Important
NeMo 2.0 is an experimental feature and currently released in the dev container only: nvcr.io/nvidia/nemo:dev. Please refer to NeMo 2.0 overview for information on getting started.
Data
- class nemo.collections.common.data.dataset.ConcatDataset(*args: Any, **kwargs: Any)
Bases:
torch.utils.data.IterableDataset
A dataset that accepts as argument multiple datasets and then samples from them based on the specified sampling technique.
- Parameters
datasets (list) – A list of datasets to sample from.
shuffle (bool) – Whether to shuffle individual datasets. Only works with non-iterable datasets. Defaults to True.
sampling_technique (str) – Sampling technique to choose which dataset to draw a sample from. Defaults to ‘temperature’. Currently supports ‘temperature’, ‘random’ and ‘round-robin’.
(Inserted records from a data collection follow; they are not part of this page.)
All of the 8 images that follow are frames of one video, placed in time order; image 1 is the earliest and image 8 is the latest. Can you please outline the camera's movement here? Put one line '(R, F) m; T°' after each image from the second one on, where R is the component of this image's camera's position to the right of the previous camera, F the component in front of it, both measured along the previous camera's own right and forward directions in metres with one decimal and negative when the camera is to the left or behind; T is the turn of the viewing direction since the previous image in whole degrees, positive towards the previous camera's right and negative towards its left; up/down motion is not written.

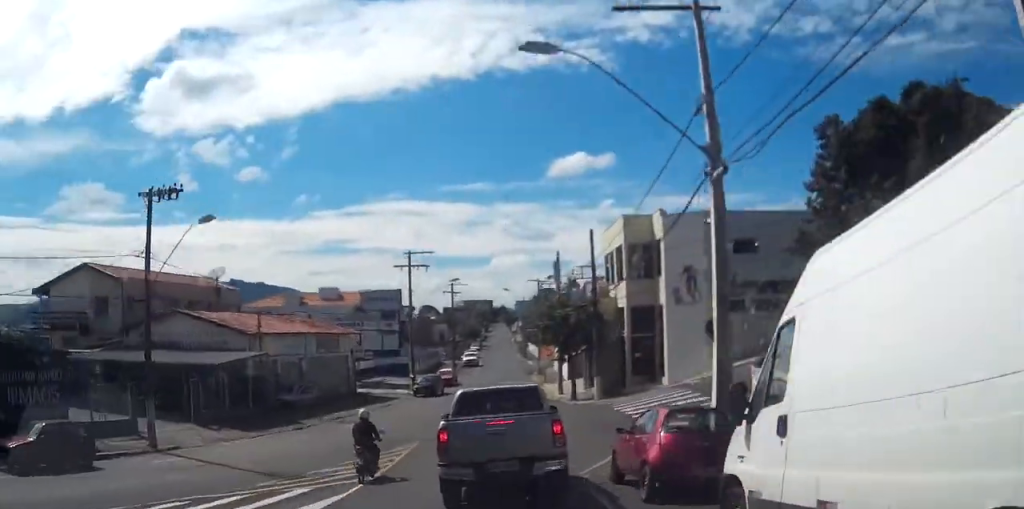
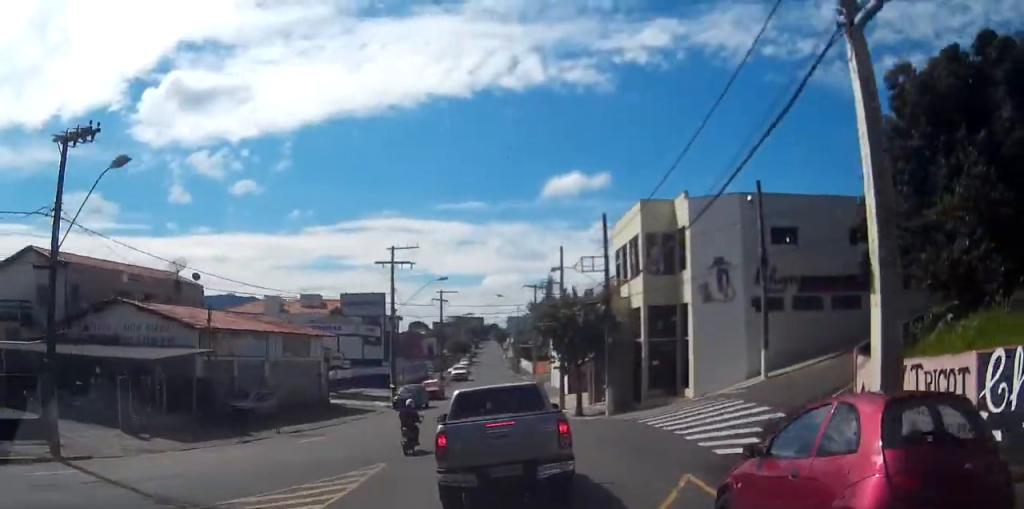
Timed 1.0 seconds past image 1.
(0.0, +6.4) m; +1°
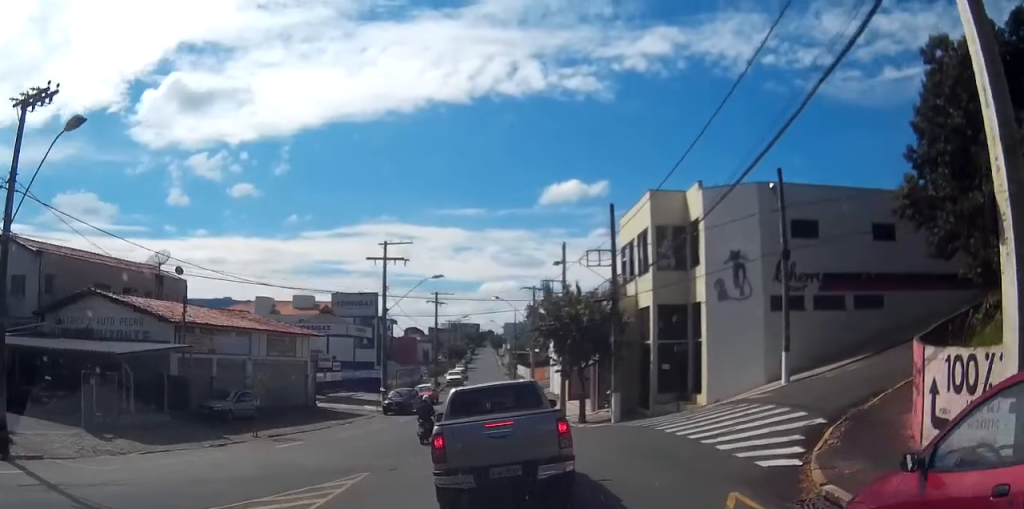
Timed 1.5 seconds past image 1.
(0.0, +2.6) m; 0°
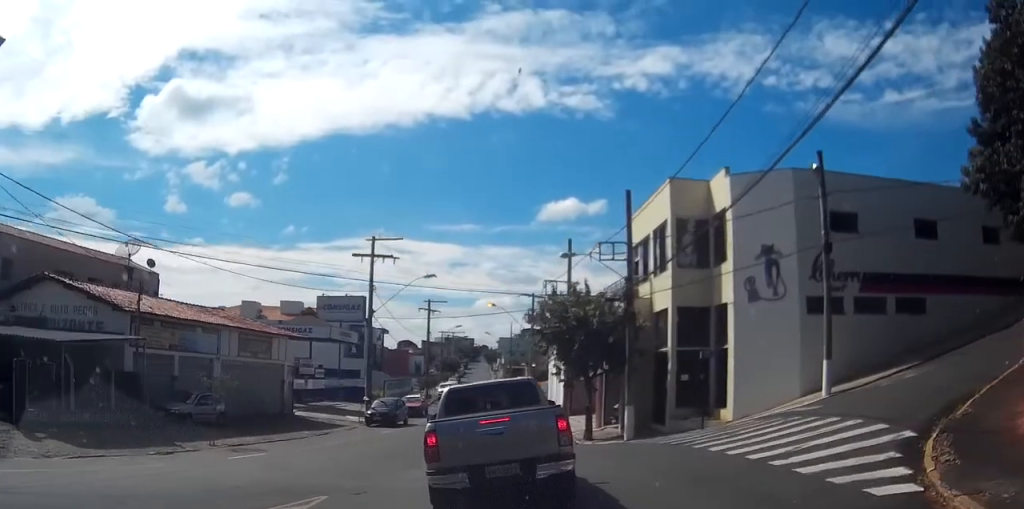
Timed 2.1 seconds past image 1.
(0.0, +3.9) m; +1°
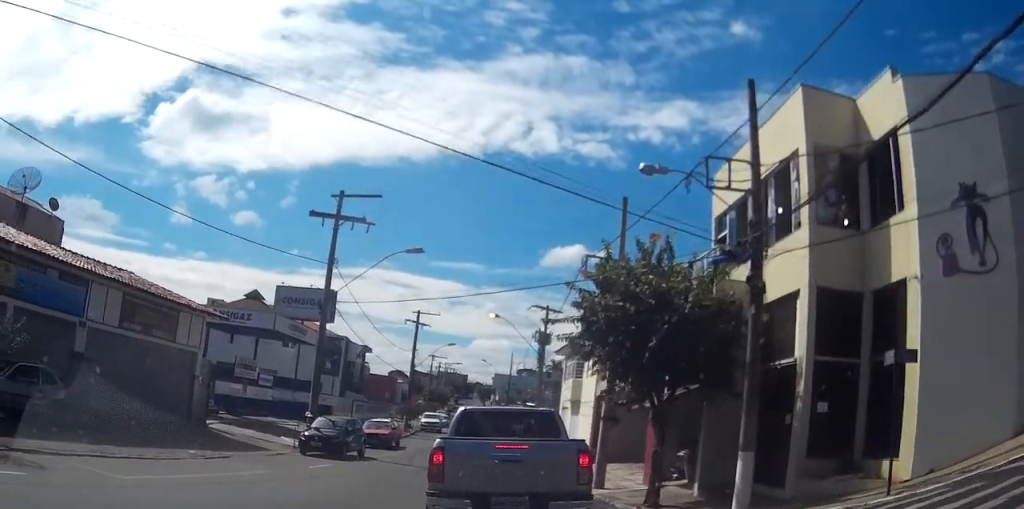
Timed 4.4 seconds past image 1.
(+0.4, +12.3) m; +2°
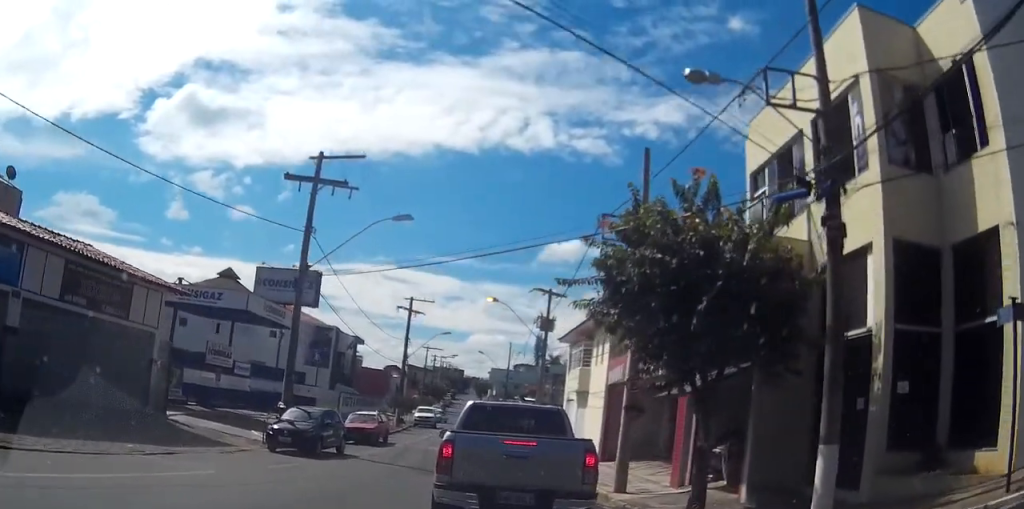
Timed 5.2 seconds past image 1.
(-0.1, +3.6) m; -2°
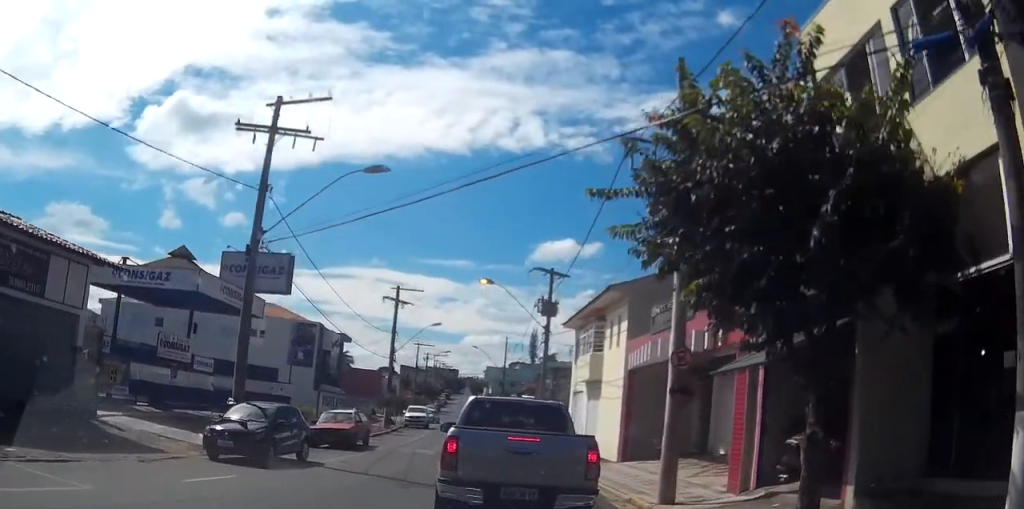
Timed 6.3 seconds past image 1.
(-0.1, +4.9) m; -1°
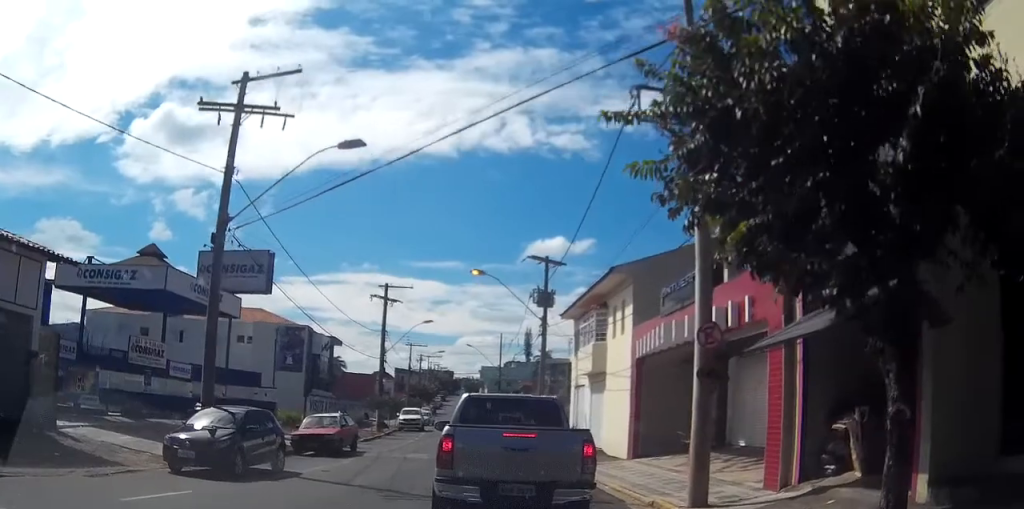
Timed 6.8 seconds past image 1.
(0.0, +2.2) m; 0°

sampling_temperature (int) – Temperature value for sampling. Only used when sampling_technique = ‘temperature’. Defaults to 5.
sampling_scale – Gives you the ability to upsample / downsample the dataset. Defaults to 1.
sampling_probabilities (list) – Probability values for sampling. Only used when sampling_technique = ‘random’.
seed – Optional value to seed the numpy RNG.
global_rank (int) – Worker rank, used for partitioning map style datasets. Defaults to 0.
world_size (int) – Total number of processes, used for partitioning map style datasets. Defaults to 1.
- get_iterable(dataset)
- static random_generator(datasets, **kwargs)
- static round_robin_generator(datasets, **kwargs)
- static temperature_generator(datasets, **kwargs)
- class nemo.collections.common.data.dataset.ConcatMapDataset(*args: Any, **kwargs: Any)
Bases:
torch.utils.data.Dataset
A dataset that accepts as argument multiple datasets and then samples from them based on the specified sampling technique.
- Parameters
datasets (list) – A list of datasets to sample from.
sampling_technique (str) – Sampling technique to choose which dataset to draw a sample from. Defaults to ‘temperature’. Currently supports ‘temperature’, ‘random’ and ‘round-robin’.
sampling_temperature (int) – Temperature value for sampling. Only used when sampling_technique = ‘temperature’. Defaults to 5.
sampling_probabilities (list) – Probability values for sampling. Only used when sampling_technique = ‘random’.
seed – Optional value to seed the numpy RNG.